I don't think this is possible without a lot of custom work. It sounds like you want your SME to handle some of the @domain.com accounts, and want the rest of the @domain.com accounts passed off to the ISP's server.
By default, SME is either set up to be the mail server, or to let another server handle all the mail stuff. You'd need to customize stuff to send @domain.com messages that aren't for certain addresses on to the ISP server instead of saying that those accounts don't exist on the server.

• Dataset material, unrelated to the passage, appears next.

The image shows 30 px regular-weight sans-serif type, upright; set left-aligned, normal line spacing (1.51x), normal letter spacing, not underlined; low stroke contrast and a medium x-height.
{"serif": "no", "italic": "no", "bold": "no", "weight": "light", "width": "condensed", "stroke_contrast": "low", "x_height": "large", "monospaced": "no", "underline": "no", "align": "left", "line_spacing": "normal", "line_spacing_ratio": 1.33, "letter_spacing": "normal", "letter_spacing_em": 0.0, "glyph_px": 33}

> With a great piece of software I can access to any mailboxes
> and forward the messages to the right users. This is a
> solution.
>
> But if you do a reply an a message you have to decide, if
> local or external deliverey is needed. And in some cases you
> have to chance your reply-mailaddress... I know, it's more
> flexible, but not very comfortable.
>
> A known workaround: Sending ALL messages over internet...
> (Please NO!

Another workaround: Is there any reason you HAVE to use the ISP's mailboxes? If you can set up the SME to act as the domain's MX, everything should work just fine. Any internet mail coming in for user@domain.com will come to your server, and go to the right account. Sending an email from user1@domain.com to user2@domain.com will stay on the SME, while external mail gets sent out to the internet for delivery.
> At the moment SME ist not able to access to a domain that ist
> virtually installed... SME think they are hostet on the local
> PC, so its no need to access them... But I must!!!!!!!!! I
> have to connect to the mailbox. e.g. pop3.local-domain.com.
> (It doesn't work even the host exists or not...)
I'm not sure what you're trying to say here. If you set up a Hostnames entry for pop3.domain.com pointing to the external IP, it should work. If not, something's broken.
> Has anyone suggestions, how it could work? Perhaps templates
> are the solution?
Templates have nothing to do with making something work. It's just a way of dividing the regular Linux configuration files into easily editable (and easily fixable) chunks, and processing those chunks into the final configuration file.